Shouldn't we make anonymized objects error when their compute_hash() method is called?

Shouldn't we make anonymized objects error when their compute_hash() method is called?

Maybe, but that would require we keep the info "this is an anonymized object" somewhere, which is not the case for now. This idea can be dealt later, maybe?

douardda added inline comments.Wed, May 20, 2:29 PM
swh/model/model.py
149–150

right, I read the code identifier.py too fast and thought all 3 were concatenated for hash computation, but they are not as you point out.

Maybe, but that would require we keep the info "this is an anonymized object" somewhere, which is not the case for now. This idea can be dealt later, maybe?

That's why I'm asking now, so you/we don't have to do some code changes later. But if you're comfortable with it, then fine.

douardda updated this revision to Diff 11267.Wed, May 20, 2:47 PM

Typos + comments/docstrings + hash on the fullname in Person.anonymize()

also ensures persons_d() strategy do not generate data that looks like
and anonymized person.

douardda edited the summary of this revision. (Show Details)Wed, May 20, 2:48 PM

Build is green

Patch application report for D3171 (id=11267)

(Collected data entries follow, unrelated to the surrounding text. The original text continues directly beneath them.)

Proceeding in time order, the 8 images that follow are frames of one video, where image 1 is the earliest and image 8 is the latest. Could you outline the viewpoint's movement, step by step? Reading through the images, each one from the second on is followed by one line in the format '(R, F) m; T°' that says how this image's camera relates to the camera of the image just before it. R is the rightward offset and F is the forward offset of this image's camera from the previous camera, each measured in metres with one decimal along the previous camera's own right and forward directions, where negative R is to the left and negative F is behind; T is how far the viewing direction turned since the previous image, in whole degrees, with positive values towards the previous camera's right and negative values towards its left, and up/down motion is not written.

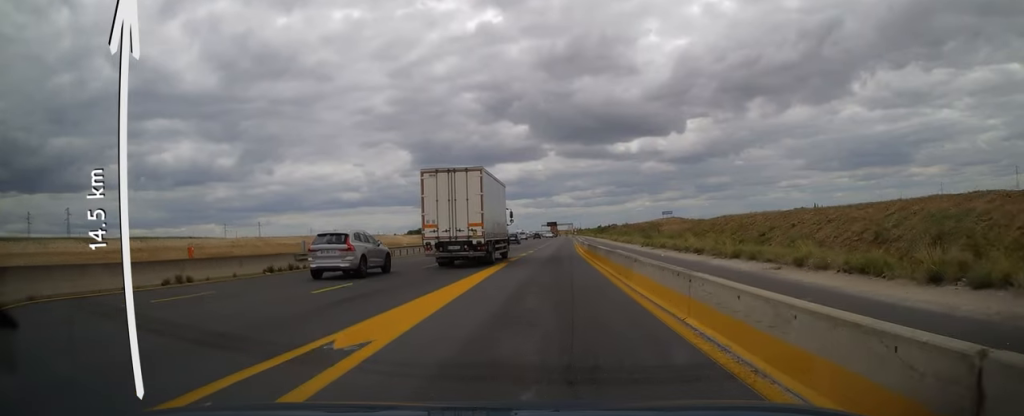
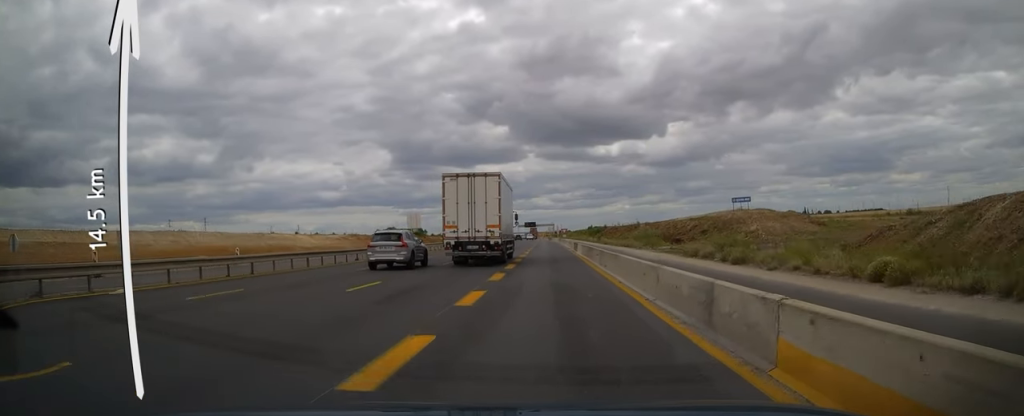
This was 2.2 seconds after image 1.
(+0.8, +51.8) m; +1°
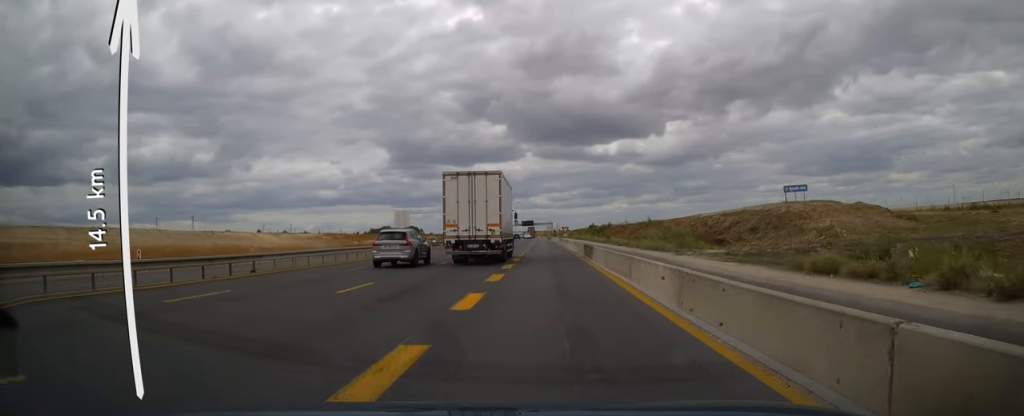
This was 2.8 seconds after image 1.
(+0.1, +14.0) m; 0°
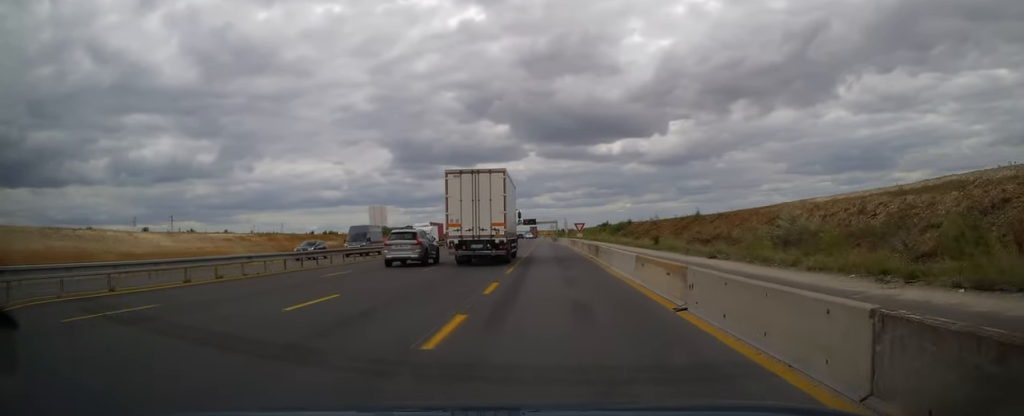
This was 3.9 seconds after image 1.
(0.0, +29.6) m; 0°
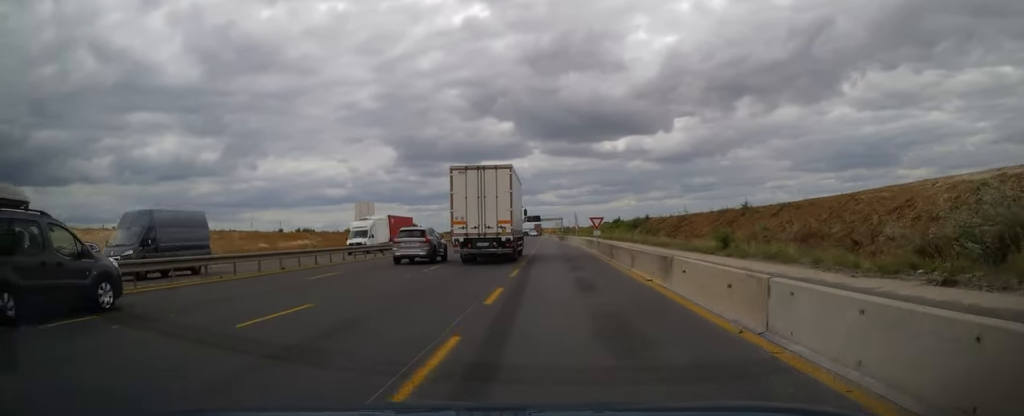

Rebasing onto cce3036634...

Current branch diff-target is up to date.
Changes applied before test
commit e40fe471031bc85f9d40be163cba9d7351a02888
Author: David Douard <david.douard@sdfa3.org>
Date:   Tue May 19 16:04:30 2020 +0200

    Add support for model object anonymization
    
    Simply add a BaseModel.anonymize() method. Default implementation returns
    None, meaning the object is not anonymizable.
    
    For Person, the method returns a Person whith hashed fullname (and unset
    name and email).
    
    For Revision and Release, the method returns an anonymized version of
    the object, i.e. with instance of Person replaced by anonymized ones.

See https://jenkins.softwareheritage.org/job/DMOD/job/tests-on-diff/61/ for more details.

ardumont accepted this revision.Wed, May 20, 3:04 PM
ardumont added inline comments.
swh/model/hypothesis_strategies.py
102

\o/

douardda updated this revision to Diff 11268.Wed, May 20, 3:37 PM
douardda edited the summary of this revision. (Show Details)

properly annotate BaseModel.anonymize()

Build is green

Patch application report for D3171 (id=11268)

Rebasing onto cce3036634...

Current branch diff-target is up to date.
Changes applied before test
commit 0f3af381835fc2f1e3e420519d0bba7aef3d8ce6
Author: David Douard <david.douard@sdfa3.org>
Date:   Tue May 19 16:04:30 2020 +0200

    Add support for model object anonymization
    
    Simply add a BaseModel.anonymize() method. Default implementation returns
    None, meaning the object is not anonymizable.
    
    For Person, the method returns a Person whith hashed fullname (and unset
    name and email).
    
    For Revision and Release, the method returns an anonymized version of
    the object, i.e. with instance of Person replaced by anonymized ones.

See https://jenkins.softwareheritage.org/job/DMOD/job/tests-on-diff/62/ for more details.

douardda updated this revision to Diff 11270.Wed, May 20, 4:30 PM

use ModelType instead of T for type annotation

Build is green

Patch application report for D3171 (id=11270)

Rebasing onto cce3036634...

Current branch diff-target is up to date.
Changes applied before test
commit 29312dff6d96ac1c9bc18bf98de1d2e27a76c334
Author: David Douard <david.douard@sdfa3.org>
Date:   Tue May 19 16:04:30 2020 +0200

    Add support for model object anonymization
    
    Simply add a BaseModel.anonymize() method. Default implementation returns
    None, meaning the object is not anonymizable.
    
    For Person, the method returns a Person whith hashed fullname (and unset
    name and email).
    
    For Revision and Release, the method returns an anonymized version of
    the object, i.e. with instance of Person replaced by anonymized ones.

See https://jenkins.softwareheritage.org/job/DMOD/job/tests-on-diff/63/ for more details.

This revision was automatically updated to reflect the committed changes.